Carry over every entry exactly as written, though not the pictures it contains.

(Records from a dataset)

"""

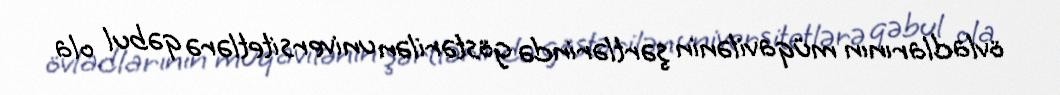
övladlarının müqavilənin şərtlərində göstərilən universitetlərə qəbul ola
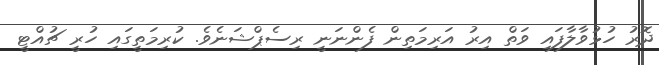
ދޮރު ހުޅުވާލާފައި ވަތް އިރު އަރިމަތިން ފެންނަނީ ރިސެޕްޝަނެވެ. ކުރިމަތީގައި ހުރީ ޗުއްޓީ
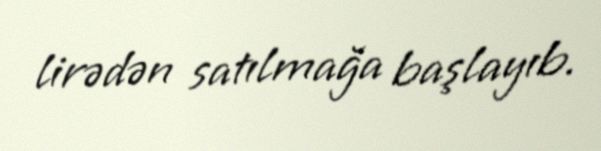
lirədən satılmağa başlayıb.
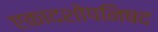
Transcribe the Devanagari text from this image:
एकादशोपनिषद
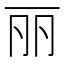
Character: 丽
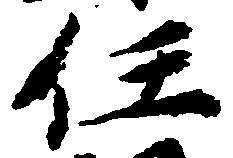
任
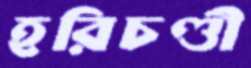
হরিচণ্ডী
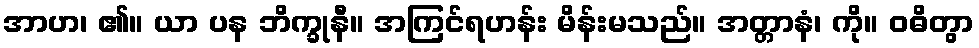
အာဟ၊ ၏။ ယာ ပန ဘိက္ခုနီ။ အကြင်ရဟန်း မိန်းမသည်။ အတ္တာနံ၊ ကို။ ဝဓိတွာ
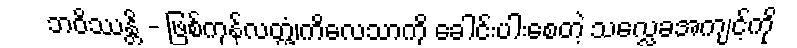
ဘဝိဿန္တိ - ဖြစ်ကုန်လတ္တံ့၊ကိလေသာကို ခေါင်းပါးစေတဲ့ သလ္လေခအကျင့်ကို
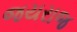
જયરાજ
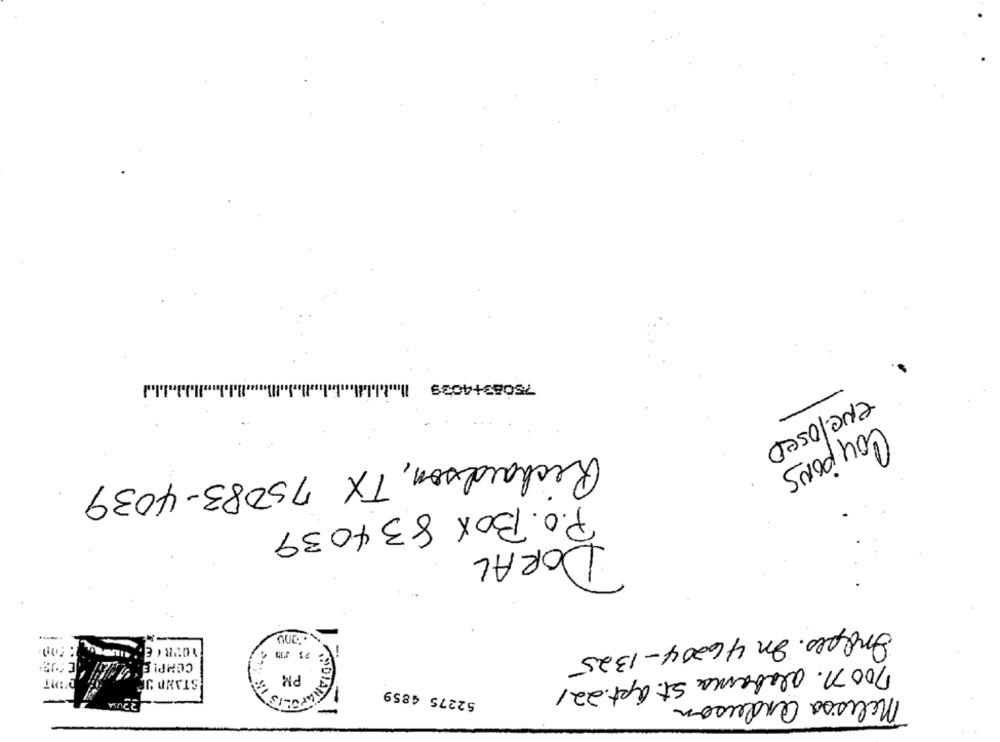
enclosed
Coupons
Richardson, TX 75083-4039
P.o. Box 834039
DORAL
Ondpes. On 46204-1325
-
m
COMPLE
PM
D'INT
STANO JE
700 n. alabama St. apt. 22/
52275 4859
Melissa anderson
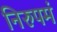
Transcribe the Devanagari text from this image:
निरुपमं
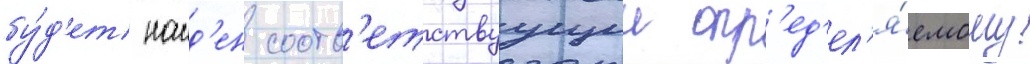
бу́д'ет наид'ен соотв'етствуущии опр'ед'ел'я́емому
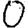
Digit: 0
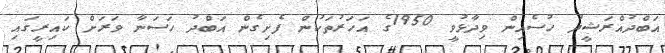
އަބްދުއްރަޝީދު ހުސެއިން ވިދާޅުވީ 1950ގެ އަހަރުތަކުން ފެށިގެން އަބްދު ހަސަނާ ވަރަށް ކައިރީގައި

"""

# Written answer
övladlarının müqavilənin şərtlərində göstərilən universitetlərə qəbul ola
ދޮރު ހުޅުވާލާފައި ވަތް އިރު އަރިމަތިން ފެންނަނީ ރިސެޕްޝަނެވެ. ކުރިމަތީގައި ހުރީ ޗުއްޓީ
lirədən satılmağa başlayıb.
Transcribe the Devanagari text from this image:
एकादशोपनिषद
Character: 丽
任
হরিচণ্ডী
အာဟ၊ ၏။ ယာ ပန ဘိက္ခုနီ။ အကြင်ရဟန်း မိန်းမသည်။ အတ္တာနံ၊ ကို။ ဝဓိတွာ
ဘဝိဿန္တိ - ဖြစ်ကုန်လတ္တံ့၊ကိလေသာကို ခေါင်းပါးစေတဲ့ သလ္လေခအကျင့်ကို
જયરાજ
enclosed
Coupons
Richardson, TX 75083-4039
P.o. Box 834039
DORAL
Ondpes. On 46204-1325
-
m
COMPLE
PM
D'INT
STANO JE
700 n. alabama St. apt. 22/
52275 4859
Melissa anderson
Transcribe the Devanagari text from this image:
निरुपमं
бу́д'ет наид'ен соотв'етствуущии опр'ед'ел'я́емому
Digit: 0
އަބްދުއްރަޝީދު ހުސެއިން ވިދާޅުވީ 1950ގެ އަހަރުތަކުން ފެށިގެން އަބްދު ހަސަނާ ވަރަށް ކައިރީގައި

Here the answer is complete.